As before, the young Huntingtons had gone to their seashore grandmother. Jeannette, of course, had to remain within reach of Miss Turner, who now gave her better marks, in spite of the fact that her recitations were no more brilliant and even less comfortable than they had been in school.
Her grandfather, who seldom interfered in any way with Mrs. Huntington's plans, had objected to Miss Turner.
"She may be an excellent teacher for ordinary children," said he, "but she isn't Jeannette's kind, and she isn't pleasant."
"She is not unpleasant to me," returned unmoved Aunt Agatha, whose opinions were exceedingly difficult to change. "At any rate, it is too late to discuss the matter. I have engaged her for the summer, at a definite salary. Next summer, if it seems best, we can make some different arrangement."
"Then I suppose we'll have to stand it," sighed Mr. Huntington, "but it seems decidedly unfortunate that when ninety-nine school-ma'ams out of a hundred have some measure of attractiveness, you should have chosen the hundredth."
Perhaps Mr. Huntington might have made some further effort toward dislodging Miss Turner; but shortly after the foregoing conversation, he was again taken ill. For more than a week he had been kept in bed and James had said something to the cook about "a slight stroke."
But to Jeanne's great relief this illness was of shorter duration than the preceding one. He was up again; and spending his waking hours in a wheeled chair under the big elm in the garden. Jeanne, however, could see that he was not so well. His eyes had lost some of their keenness, and often the word that he wanted would not come. He seemed quite a good many years older; and not nearly so vigorous as he had been before this new illness. Jeanne hovered over him anxiously.
Sometimes Mrs. Huntington told visitors that she feared that her father-in-law's faculties were becoming sadly impaired.
"He seems to dislike me," she added, plaintively, when she mentioned "impaired faculties" to her husband. James overheard this. Indeed, James was always overhearing things not meant for his too-receptive ears, because he was so much a part of the furniture that no one ever remembered that he was in the room or gave him credit for being human. James told Bridget about it.
"The old gentleman," said he, "nor anybody else doesn't need impaired faculties to dislike that lady. If she's got any real feelings inside her they're cased up in asbestos, like the pipes to the furnace. They never comes out. She's a human icicle, she is. I declare, if she'd get real mad just once and sling the soup tureen at me, I'd take the scalding gladly and say, 'Thank you kindly, ma'am; 'tis a pleasure to see you thawing, just for once.'"
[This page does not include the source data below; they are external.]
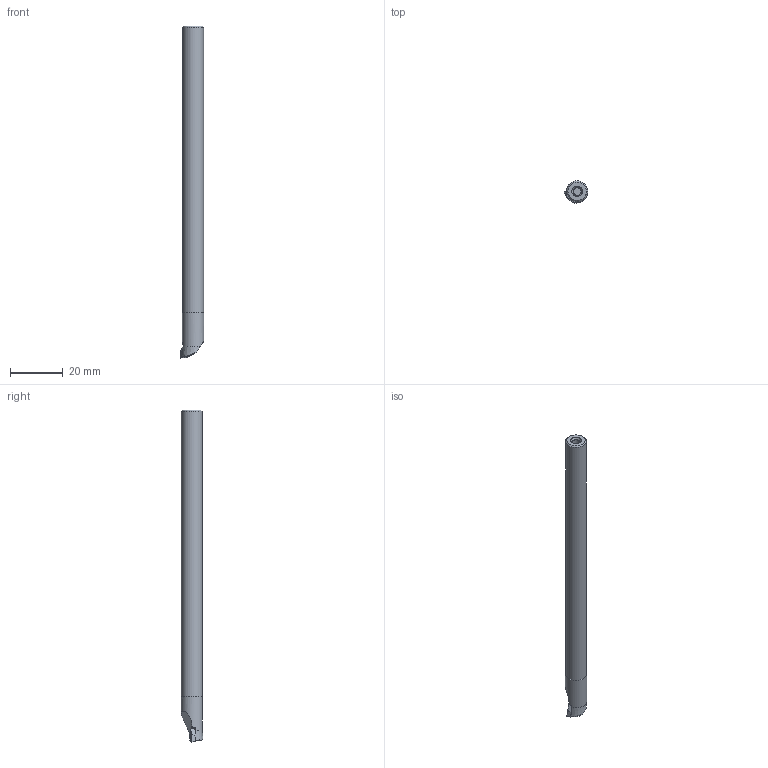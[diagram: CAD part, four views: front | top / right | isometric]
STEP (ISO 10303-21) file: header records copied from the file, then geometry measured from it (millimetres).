
FILE_DESCRIPTION(/* description */ (''),/* implementation_level */ '2;1');
FILE_NAME(/* name */ 'assy.stp',/* time_stamp */ '2017-11-16T13:55:10+01:00',/* author */ (''),/* organization */ ('SMS'),/* preprocessor_version */ 'ST-DEVELOPER v15',/* originating_system */ 'SIEMENS PLM Software NX 8.5',/* authorisation */ '');
FILE_SCHEMA (('AUTOMOTIVE_DESIGN { 1 0 10303 214 3 1 1 1 }'));
Length unit declared in the file: millimetre
Products named in the file (4): ASSEMBLY_CONSTRUCTION; NOCUT; CUT; ASSY
Assembly tree (3 placements, depth 2):
  ASSY
    CUT
    NOCUT
    ASSEMBLY_CONSTRUCTION
Bounding box: 8.94 x 8.33 x 126.25 mm (x, y, z)
Volume: 5309 mm3; surface area: 4292.2 mm2
Topology: 2 solids, 2 shells, 46 faces, 123 edges, 83 vertices
Faces by surface type: plane 24, cone 13, cylinder 6, torus 2, extrusion 1
Full cylindrical faces by diameter (mm): 2.2 x1, 3 x1, 7.987 x1, 8.088 x1
Entity records: 1609 total; most frequent: CARTESIAN_POINT 374, DIRECTION 240, ORIENTED_EDGE 206, EDGE_CURVE 103, AXIS2_PLACEMENT_3D 92, VERTEX_POINT 73, EDGE_LOOP 60, VECTOR 56

James, you have noticed, was much more human in the kitchen than he was in the dining-room. Mrs. Huntington, who had lived under the same roof with him for many years, would certainly have been surprised if she had heard him, for in her presence James was like a talking doll, in that he had just two set speeches. They were, "Yes, ma'am" and "No, ma'am."
"She's padded with her own conceit," said Bridget, "and there's a cast-iron crust outside that. She shows no affection for her own children, let alone that motherless lamb."
"If she ever swallowed her pride," said Maggie, "'twould choke her."
"Then I hope she does it," said James, going meekly to the front of the house to say "Yes, ma'am" and "No, ma'am" to his frigid mistress. For if James were more talkative in the kitchen than he was in the dining-room he was also much braver.